Mwangi J, Gatei DG.Hepatitis B virus, hepatocellular carcinoma and liver cirrhosis in Kenya. East Afr Med J. 1993 Apr;70(4 Suppl):34-6.

Citation:
CEGE DRMWANGIJOSEPH. "Mwangi J, Gatei DG.Hepatitis B virus, hepatocellular carcinoma and liver cirrhosis in Kenya. East Afr Med J. 1993 Apr;70(4 Suppl):34-6.". In: East Afr Med J. 1999 Nov;76(11):615-8. ICASTOR Journal of Engineering; 1993.

Abstract:

Hepatocellular carcinoma is the third most common malignancy in Kenyan males occurring with a peak incidence at 40 years of age. A worldwide correlation has been noted between the incidence of hepatocellular carcinoma and prevalence of hepatitis B virus. Liver biopsies with histological diagnosis of hepatocellular carcinoma (HCC), cirrhosis and the normals were reviewed by the authors. They were then stained for hepatitis B surface antigen (HBsAg) and hepatitis e core antigen (HBcAg). Only 2.5% of normal livers were positive for HBsAg compared with 33% of HCC and 25% of cirrhosis respectively. Hepatitis core antigen was not demonstrated in normal liver biopsies but it was present in 11.5% of HCC and 14% of cirrhosis. Background cirrhosis was noted in 52% of biopsies showing HCC. It is clear that a causal association exists between hepatitis B virus (HBV) and both liver cirrhosis and hepatocellular carcinoma.

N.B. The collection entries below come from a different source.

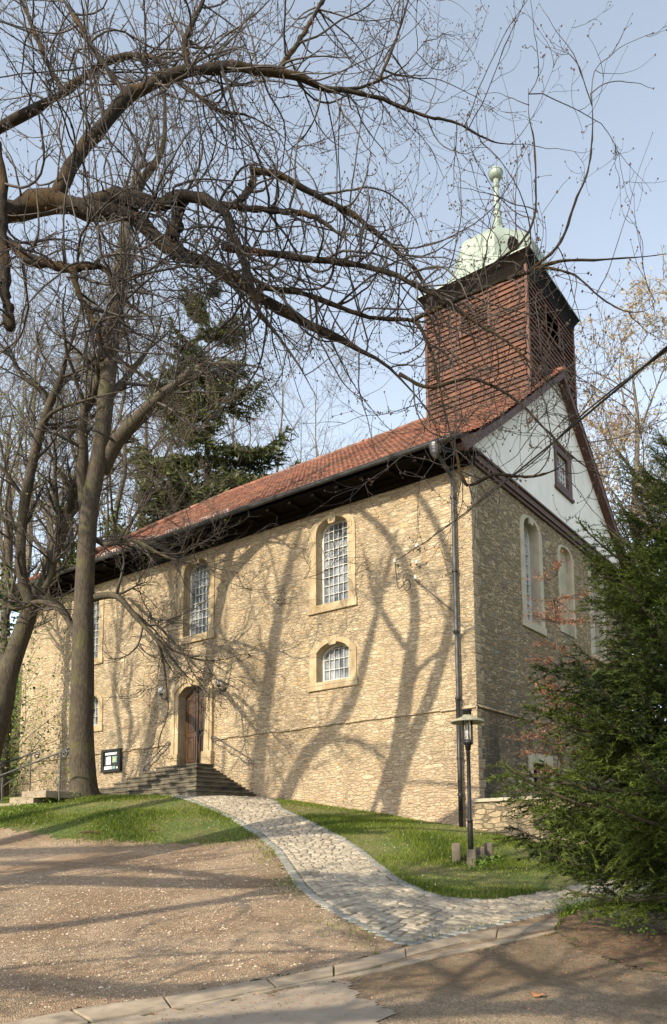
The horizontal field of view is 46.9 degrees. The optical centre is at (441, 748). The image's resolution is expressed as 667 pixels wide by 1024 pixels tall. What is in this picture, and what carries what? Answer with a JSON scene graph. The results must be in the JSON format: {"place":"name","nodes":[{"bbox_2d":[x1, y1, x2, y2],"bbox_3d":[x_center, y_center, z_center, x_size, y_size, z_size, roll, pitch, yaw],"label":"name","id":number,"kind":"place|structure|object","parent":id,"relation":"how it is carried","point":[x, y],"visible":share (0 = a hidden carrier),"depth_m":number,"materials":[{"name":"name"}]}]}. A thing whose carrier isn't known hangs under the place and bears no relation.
{"place":"outdoors","nodes":[
{"label":"outdoors","id":0,"kind":"place"},
{"bbox_2d":[0,671,666,1023],"bbox_3d":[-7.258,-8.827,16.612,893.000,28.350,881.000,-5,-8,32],"label":"ground","id":1,"kind":"structure","parent":0,"point":[192,833],"depth_m":16.68,"materials":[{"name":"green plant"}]},
{"bbox_2d":[9,675,20,793],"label":"slope herbs","id":2,"kind":"object","parent":1,"relation":"on","point":[11,737],"visible":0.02,"depth_m":39.31,"materials":[{"name":"green plant"}]},
{"bbox_2d":[12,678,20,753],"bbox_3d":[-20.316,-1.719,35.604,12.054,6.895,12.078,-5,-8,32],"label":"green shrub","id":3,"kind":"object","parent":1,"relation":"on","point":[17,719],"visible":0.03,"depth_m":36.52,"materials":[{"name":"green plant"}]},
{"bbox_2d":[12,675,21,746],"bbox_3d":[-22.886,-2.623,40.325,7.242,6.917,9.462,-2,-7,2],"label":"green shrub","id":4,"kind":"object","parent":1,"relation":"on","point":[17,710],"visible":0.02,"depth_m":39.83,"materials":[{"name":"green plant"}]},
{"bbox_2d":[0,751,39,790],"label":"stair rail","id":5,"kind":"object","parent":1,"relation":"on","point":[36,752],"visible":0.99,"depth_m":22.27,"materials":[{"name":"grey metal"}]},
{"bbox_2d":[9,681,63,795],"bbox_3d":[-17.159,-0.436,29.109,7.477,6.238,8.631,-3,-7,16],"label":"green shrub","id":6,"kind":"object","parent":1,"relation":"on","point":[10,782],"visible":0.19,"depth_m":29.59,"materials":[{"name":"green plant"}]},
{"bbox_2d":[0,790,79,806],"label":"garden stair","id":7,"kind":"object","parent":1,"relation":"on","point":[30,796],"visible":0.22,"depth_m":20.27,"materials":[{"name":"stone"}]},
{"bbox_2d":[0,748,69,803],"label":"stair rail","id":8,"kind":"object","parent":7,"relation":"on","point":[60,752],"visible":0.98,"depth_m":20.39,"materials":[{"name":"grey metal"}]},
{"bbox_2d":[0,791,86,815],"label":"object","id":9,"kind":"object","parent":1,"relation":"on","point":[25,805],"visible":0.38,"depth_m":19.40,"materials":[{"name":"green plant"}]},
{"bbox_2d":[0,197,89,537],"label":"bare tree","id":10,"kind":"object","parent":1,"relation":"on","point":[31,348],"visible":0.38,"depth_m":39.80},
{"bbox_2d":[0,352,91,796],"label":"ivy clad tree","id":11,"kind":"object","parent":1,"relation":"on","point":[5,628],"visible":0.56,"depth_m":26.82,"materials":[{"name":"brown plant"}]},
{"bbox_2d":[0,630,94,797],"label":"green shrub","id":12,"kind":"object","parent":1,"relation":"on","point":[26,759],"visible":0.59,"depth_m":26.42,"materials":[{"name":"green plant"}]},
{"bbox_2d":[0,304,113,610],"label":"bare tree","id":13,"kind":"object","parent":1,"relation":"on","point":[25,429],"visible":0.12,"depth_m":57.13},
{"bbox_2d":[0,243,142,747],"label":"bare tree","id":14,"kind":"object","parent":1,"relation":"on","point":[25,444],"visible":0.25,"depth_m":42.61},
{"bbox_2d":[0,297,144,555],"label":"bare tree","id":15,"kind":"object","parent":1,"relation":"on","point":[104,503],"visible":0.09,"depth_m":53.59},
{"bbox_2d":[0,303,160,538],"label":"bare tree","id":16,"kind":"object","parent":1,"relation":"on","point":[61,429],"visible":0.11,"depth_m":50.88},
{"bbox_2d":[79,831,99,833],"bbox_3d":[-7.885,1.889,16.955,0.568,0.092,0.067,-4,-7,19],"label":"fallen stick","id":17,"kind":"object","parent":1,"relation":"on","point":[84,832],"visible":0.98,"depth_m":16.95,"materials":[{"name":"wood"}]},
{"bbox_2d":[5,398,188,546],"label":"bare tree","id":18,"kind":"object","parent":1,"relation":"on","point":[120,471],"visible":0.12,"depth_m":61.88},
{"bbox_2d":[0,217,195,799],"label":"leaning tree","id":19,"kind":"object","parent":1,"relation":"on","point":[57,549],"visible":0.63,"depth_m":21.76,"materials":[{"name":"brown plant"}]},
{"bbox_2d":[0,282,211,781],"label":"ivy clad tree","id":20,"kind":"object","parent":1,"relation":"on","point":[72,560],"visible":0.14,"depth_m":31.28,"materials":[{"name":"brown plant"}]},
{"bbox_2d":[3,227,223,531],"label":"ivy clad tree","id":21,"kind":"object","parent":1,"relation":"on","point":[154,452],"visible":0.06,"depth_m":43.79,"materials":[{"name":"brown plant"}]},
{"bbox_2d":[0,258,258,565],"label":"ivy clad tree","id":22,"kind":"object","parent":1,"relation":"on","point":[118,509],"visible":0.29,"depth_m":35.00,"materials":[{"name":"green plant"}]},
{"bbox_2d":[99,763,255,796],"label":"door steps","id":23,"kind":"structure","parent":1,"relation":"on","point":[199,779],"depth_m":22.79,"materials":[{"name":"stone"}]},
{"bbox_2d":[98,263,288,525],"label":"bare tree","id":24,"kind":"object","parent":1,"relation":"on","point":[151,435],"visible":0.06,"depth_m":45.32,"materials":[{"name":"plant"}]},
{"bbox_2d":[0,0,391,796],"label":"linden tree","id":25,"kind":"object","parent":1,"relation":"on","point":[96,464],"visible":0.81,"depth_m":20.88,"materials":[{"name":"brown plant"}]},
{"bbox_2d":[97,279,300,538],"bbox_3d":[-12.912,-11.627,41.578,13.558,28.474,14.545,-5,-8,32],"label":"spruce tree","id":26,"kind":"object","parent":1,"relation":"on","point":[265,455],"visible":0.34,"depth_m":39.97,"materials":[{"name":"green plant"}]},
{"bbox_2d":[0,827,403,1023],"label":"gravel forecourt","id":27,"kind":"structure","parent":1,"relation":"on","point":[10,1011],"depth_m":9.79,"materials":[{"name":"beige gravel"}]},
{"bbox_2d":[162,310,296,482],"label":"bare tree","id":28,"kind":"object","parent":1,"relation":"on","point":[250,425],"visible":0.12,"depth_m":56.10,"materials":[{"name":"plant"}]},
{"bbox_2d":[146,309,364,472],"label":"bare tree","id":29,"kind":"object","parent":1,"relation":"on","point":[280,431],"visible":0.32,"depth_m":51.96,"materials":[{"name":"plant"}]},
{"bbox_2d":[18,795,526,884],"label":"lawn daisies","id":30,"kind":"object","parent":1,"relation":"on","point":[285,799],"visible":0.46,"depth_m":17.17,"materials":[{"name":"white plant"}]},
{"bbox_2d":[2,917,560,1023],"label":"kerb","id":31,"kind":"structure","parent":1,"relation":"on","point":[97,1013],"depth_m":7.21,"materials":[{"name":"stone"}]},
{"bbox_2d":[0,165,630,828],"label":"church","id":32,"kind":"structure","parent":1,"relation":"on","point":[372,691],"depth_m":22.62,"materials":[{"name":"stone"}]},
{"bbox_2d":[94,691,102,731],"bbox_3d":[-12.882,-1.333,27.953,1.820,1.580,0.485,-5,-8,32],"label":"window","id":33,"kind":"structure","parent":32,"relation":"in","point":[98,700],"depth_m":27.43,"materials":[{"name":"stone"}]},
{"bbox_2d":[94,590,103,664],"bbox_3d":[-13.056,-4.447,28.374,1.860,2.870,0.485,-5,-8,32],"label":"window","id":34,"kind":"structure","parent":32,"relation":"in","point":[98,624],"depth_m":27.86,"materials":[{"name":"stone"}]},
{"bbox_2d":[101,748,122,772],"bbox_3d":[-11.674,0.427,26.732,1.090,0.810,0.105,-5,-8,32],"label":"notice board","id":35,"kind":"object","parent":32,"relation":"attached to","point":[109,761],"visible":0.99,"depth_m":26.72,"materials":[{"name":"black metal"}]},
{"bbox_2d":[143,741,170,771],"bbox_3d":[-9.521,0.296,25.374,1.397,0.987,0.147,-5,-8,32],"label":"wall handrail","id":36,"kind":"object","parent":32,"relation":"attached to","point":[168,742],"depth_m":25.30,"materials":[{"name":"grey metal"}]},
{"bbox_2d":[158,687,166,699],"bbox_3d":[-9.348,-1.844,25.337,0.229,0.410,0.365,-5,-8,32],"label":"wall lamp","id":37,"kind":"object","parent":32,"relation":"attached to","point":[161,690],"visible":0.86,"depth_m":25.22,"materials":[{"name":"white metal"}]},
{"bbox_2d":[185,686,198,763],"bbox_3d":[-8.262,-0.706,25.010,0.610,2.653,0.085,-5,-8,32],"label":"door leaf","id":38,"kind":"structure","parent":32,"relation":"in","point":[190,733],"depth_m":24.98,"materials":[{"name":"brown wood"}]},
{"bbox_2d":[176,556,214,645],"bbox_3d":[-8.049,-4.920,25.250,1.860,2.870,0.485,-5,-8,32],"label":"window","id":39,"kind":"structure","parent":32,"relation":"in","point":[185,593],"depth_m":25.41,"materials":[{"name":"stone"}]},
{"bbox_2d":[196,687,203,762],"bbox_3d":[-7.765,-0.757,24.662,0.635,2.653,0.150,-5,-8,32],"label":"door leaf","id":40,"kind":"structure","parent":32,"relation":"in","point":[199,734],"depth_m":24.74,"materials":[{"name":"brown wood"}]},
{"bbox_2d":[215,678,225,691],"bbox_3d":[-6.979,-2.008,23.853,0.229,0.410,0.365,-5,-8,32],"label":"wall lamp","id":41,"kind":"object","parent":32,"relation":"attached to","point":[218,686],"visible":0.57,"depth_m":23.77,"materials":[{"name":"black metal"}]},
{"bbox_2d":[211,735,251,763],"bbox_3d":[-6.513,0.030,23.495,1.827,1.038,0.147,-5,-8,32],"label":"wall handrail","id":42,"kind":"object","parent":32,"relation":"attached to","point":[245,762],"depth_m":23.41,"materials":[{"name":"grey metal"}]},
{"bbox_2d":[307,513,357,615],"bbox_3d":[-3.088,-5.389,22.153,1.835,2.870,0.485,-5,-8,32],"label":"window","id":43,"kind":"structure","parent":32,"relation":"in","point":[321,595],"depth_m":22.28,"materials":[{"name":"stone"}]},
{"bbox_2d":[308,636,358,691],"bbox_3d":[-3.020,-2.449,21.816,1.835,1.530,0.485,-5,-8,32],"label":"window","id":44,"kind":"structure","parent":32,"relation":"in","point":[333,661],"depth_m":21.91,"materials":[{"name":"stone"}]},
{"bbox_2d":[417,581,453,611],"bbox_3d":[-0.144,-3.986,19.874,1.161,1.069,0.091,-5,-7,28],"label":"conduit pipe","id":45,"kind":"object","parent":32,"relation":"attached to","point":[436,597],"visible":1,"depth_m":19.89,"materials":[{"name":"grey paint"}]},
{"bbox_2d":[519,514,546,636],"bbox_3d":[2.517,-5.182,22.624,0.525,3.510,1.600,-5,-8,32],"label":"window","id":46,"kind":"structure","parent":32,"relation":"in","point":[531,557],"depth_m":22.97,"materials":[{"name":"grey stone"}]},
{"bbox_2d":[552,439,574,503],"bbox_3d":[3.988,-9.190,25.193,0.260,1.650,1.500,-5,-8,32],"label":"gable window","id":47,"kind":"structure","parent":32,"relation":"in","point":[562,484],"depth_m":25.24,"materials":[{"name":"brown wood"}]},
{"bbox_2d":[588,567,606,665],"bbox_3d":[5.381,-4.730,27.144,0.525,3.510,1.600,-5,-8,32],"label":"window","id":48,"kind":"structure","parent":32,"relation":"in","point":[594,631],"depth_m":27.45,"materials":[{"name":"grey stone"}]},
{"bbox_3d":[-1.242,-5.074,20.642,0.100,0.194,0.210,-5,-8,32],"label":"insulator","id":49,"kind":"object","parent":32,"relation":"attached to","visible":0},
{"bbox_2d":[395,565,410,590],"bbox_3d":[-1.044,-4.649,20.465,0.485,0.840,0.089,-4,-7,26],"label":"cable loop","id":50,"kind":"object","parent":49,"relation":"hanging from","point":[403,581],"visible":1,"depth_m":20.43,"materials":[{"name":"black metal"}]},
{"bbox_2d":[395,346,666,560],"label":"overhead cable","id":51,"kind":"object","parent":49,"relation":"attached to","point":[626,380],"visible":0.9,"depth_m":6.86,"materials":[{"name":"black metal"}]},
{"bbox_2d":[241,271,390,468],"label":"bare tree","id":52,"kind":"object","parent":1,"relation":"on","point":[315,447],"visible":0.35,"depth_m":58.44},
{"bbox_2d":[0,0,666,606],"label":"overhanging tree","id":53,"kind":"object","parent":1,"relation":"on","point":[112,204],"visible":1,"depth_m":8.83,"materials":[{"name":"brown plant"}]},
{"bbox_2d":[172,795,646,945],"bbox_3d":[-4.034,2.127,19.296,6.840,2.991,20.928,4,-8,-37],"label":"path edging","id":54,"kind":"object","parent":1,"relation":"on","point":[291,870],"visible":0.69,"depth_m":11.88,"materials":[{"name":"stone"}]},
{"bbox_2d":[452,843,460,862],"bbox_3d":[0.285,2.140,14.625,0.170,0.616,0.170,-1,-7,1],"label":"concrete post","id":55,"kind":"object","parent":1,"relation":"on","point":[456,850],"visible":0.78,"depth_m":14.56,"materials":[{"name":"grey concrete"}]},
{"bbox_2d":[369,911,558,968],"bbox_3d":[0.446,2.383,9.755,4.168,0.194,1.496,5,-9,-44],"label":"gravel joint","id":56,"kind":"object","parent":1,"relation":"on","point":[552,915],"visible":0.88,"depth_m":9.37,"materials":[{"name":"grey gravel"}]},
{"bbox_2d":[451,709,483,849],"bbox_3d":[0.530,0.778,14.638,0.660,3.120,0.660,-5,-8,32],"label":"park lamp","id":57,"kind":"object","parent":1,"relation":"on","point":[467,719],"visible":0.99,"depth_m":14.65,"materials":[{"name":"black metal"}]},
{"bbox_2d":[467,849,475,866],"bbox_3d":[0.567,2.205,14.381,0.174,0.561,0.174,-1,-7,1],"label":"concrete post","id":58,"kind":"object","parent":1,"relation":"on","point":[471,853],"visible":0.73,"depth_m":14.31,"materials":[{"name":"grey concrete"}]},
{"bbox_2d":[452,853,503,871],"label":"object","id":59,"kind":"object","parent":1,"relation":"on","point":[481,862],"visible":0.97,"depth_m":14.29,"materials":[{"name":"green plant"}]},
{"bbox_2d":[476,847,484,861],"bbox_3d":[0.758,2.200,14.754,0.172,0.552,0.172,-1,-7,1],"label":"concrete post","id":60,"kind":"object","parent":1,"relation":"on","point":[480,851],"visible":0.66,"depth_m":14.69,"materials":[{"name":"grey concrete"}]},
{"bbox_2d":[483,843,492,860],"bbox_3d":[0.922,2.172,14.984,0.175,0.608,0.175,-1,-7,1],"label":"concrete post","id":61,"kind":"object","parent":1,"relation":"on","point":[488,849],"visible":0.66,"depth_m":14.92,"materials":[{"name":"grey concrete"}]},
{"bbox_2d":[473,793,604,849],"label":"wall","id":62,"kind":"structure","parent":1,"relation":"on","point":[488,814],"depth_m":17.99,"materials":[{"name":"stone"}]},
{"bbox_2d":[501,548,616,795],"bbox_3d":[3.201,-1.309,19.203,3.340,7.606,3.786,-1,-7,-5],"label":"copper beech","id":63,"kind":"object","parent":1,"relation":"on","point":[561,621],"visible":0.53,"depth_m":19.38,"materials":[{"name":"plant"}]},
{"bbox_2d":[483,426,666,927],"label":"fir tree","id":64,"kind":"object","parent":1,"relation":"on","point":[627,815],"visible":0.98,"depth_m":9.33,"materials":[{"name":"green plant"}]},
{"bbox_2d":[574,244,666,825],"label":"budding tree","id":65,"kind":"object","parent":1,"relation":"on","point":[619,443],"visible":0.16,"depth_m":36.63,"materials":[{"name":"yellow plant"}]},
{"bbox_2d":[583,385,666,654],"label":"budding tree","id":66,"kind":"object","parent":1,"relation":"on","point":[612,425],"visible":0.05,"depth_m":43.84,"materials":[{"name":"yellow plant"}]},
{"bbox_2d":[0,0,666,710],"label":"sky","id":67,"kind":"structure","parent":0,"point":[631,112],"materials":[{"name":"blue"}]},
{"bbox_2d":[150,934,666,1023],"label":"road","id":68,"kind":"structure","parent":0,"point":[493,997],"depth_m":7.06,"materials":[{"name":"asphalt"}]},
{"bbox_2d":[97,979,395,1023],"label":"road patch","id":69,"kind":"object","parent":68,"relation":"on","point":[326,1009],"visible":1,"depth_m":6.40,"materials":[{"name":"concrete"}]},
{"bbox_2d":[91,930,554,1023],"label":"kerb strip","id":70,"kind":"object","parent":68,"relation":"on","point":[470,948],"visible":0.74,"depth_m":7.96,"materials":[{"name":"stone"}]},
{"bbox_2d":[531,992,544,996],"bbox_3d":[0.873,2.200,6.778,0.132,0.027,0.127,0,-7,-8],"label":"fallen leaf","id":71,"kind":"object","parent":68,"relation":"on","point":[534,994],"visible":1,"depth_m":6.76,"materials":[{"name":"orange plant"}]},
{"bbox_2d":[178,795,647,945],"bbox_3d":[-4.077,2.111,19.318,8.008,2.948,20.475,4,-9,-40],"label":"cobbled path","id":72,"kind":"structure","parent":0,"point":[284,868],"depth_m":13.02,"materials":[{"name":"stone"}]},
{"bbox_2d":[556,891,666,972],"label":"soil bank","id":73,"kind":"structure","parent":0,"point":[631,955],"depth_m":9.60,"materials":[{"name":"brown soil"}]},
{"bbox_2d":[0,841,666,1023],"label":"leaf litter","id":74,"kind":"object","parent":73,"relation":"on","point":[363,953],"visible":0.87,"depth_m":8.36,"materials":[{"name":"brown plant"}]},
{"bbox_2d":[535,897,666,936],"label":"bank weeds","id":75,"kind":"object","parent":73,"relation":"on","point":[614,918],"visible":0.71,"depth_m":10.85,"materials":[{"name":"plant"}]}
]}

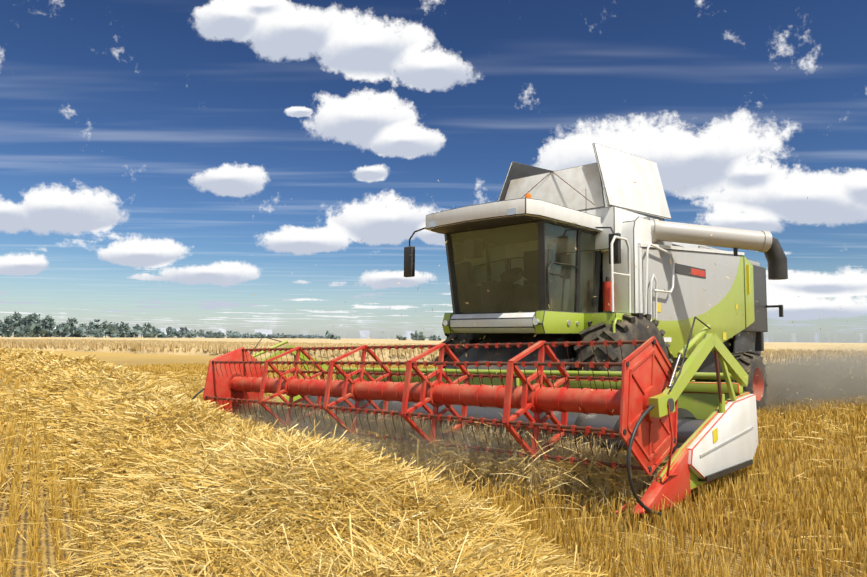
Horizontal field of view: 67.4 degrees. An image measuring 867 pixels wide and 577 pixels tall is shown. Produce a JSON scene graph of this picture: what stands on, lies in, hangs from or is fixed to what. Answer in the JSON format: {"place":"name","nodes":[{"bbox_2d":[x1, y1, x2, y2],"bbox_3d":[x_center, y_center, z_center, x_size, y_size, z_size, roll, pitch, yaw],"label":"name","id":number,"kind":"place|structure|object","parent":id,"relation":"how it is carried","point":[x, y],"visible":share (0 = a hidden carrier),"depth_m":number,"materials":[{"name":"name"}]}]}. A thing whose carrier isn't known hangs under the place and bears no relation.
{"place":"outdoors","nodes":[
{"label":"outdoors","id":0,"kind":"place"},
{"bbox_2d":[0,351,866,576],"bbox_3d":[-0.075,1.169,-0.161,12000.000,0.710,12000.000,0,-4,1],"label":"field ground","id":1,"kind":"structure","parent":0,"point":[129,359],"depth_m":5.11,"materials":[{"name":"yellow plant"}]},
{"bbox_2d":[0,348,725,576],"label":"straw windrow","id":2,"kind":"object","parent":1,"relation":"on","point":[225,457],"visible":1,"depth_m":4.06,"materials":[{"name":"yellow plant"}]},
{"bbox_2d":[0,362,866,576],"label":"stubble stalks","id":3,"kind":"object","parent":1,"relation":"on","point":[805,499],"visible":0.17,"depth_m":5.52,"materials":[{"name":"yellow plant"}]},
{"bbox_2d":[0,368,866,576],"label":"loose straw","id":4,"kind":"object","parent":1,"relation":"on","point":[9,389],"visible":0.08,"depth_m":6.69,"materials":[{"name":"yellow plant"}]},
{"bbox_2d":[0,339,866,367],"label":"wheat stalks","id":5,"kind":"object","parent":1,"relation":"on","point":[95,343],"visible":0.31,"depth_m":58.46,"materials":[{"name":"yellow plant"}]},
{"bbox_2d":[226,393,693,521],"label":"wheat stalks","id":6,"kind":"object","parent":1,"relation":"on","point":[613,483],"visible":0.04,"depth_m":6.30,"materials":[{"name":"beige plant"}]},
{"bbox_2d":[191,143,787,515],"bbox_3d":[3.128,0.056,12.202,7.519,5.139,12.403,-4,-6,44],"label":"combine harvester","id":7,"kind":"object","parent":1,"relation":"on","point":[640,383],"visible":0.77,"depth_m":9.97,"materials":[{"name":"white metal"}]},
{"bbox_2d":[0,336,866,372],"bbox_3d":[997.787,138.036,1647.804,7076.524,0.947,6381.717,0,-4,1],"label":"wheat field","id":8,"kind":"structure","parent":0,"point":[770,345],"depth_m":78.48,"materials":[{"name":"yellow plant"}]},
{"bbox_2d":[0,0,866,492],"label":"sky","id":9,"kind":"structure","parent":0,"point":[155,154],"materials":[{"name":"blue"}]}
]}

Higher antigen markers, up to 80% have been reported in South East Asia and India. This difference may be due to the type of biopsy examined (needle biopsy vs open biopsy) but the possibility that other factors such as aflatoxin and non A/non B hepatitis viruses play a more significant role in the causation of liver disease in Kenya than has previously been assumed should be explored.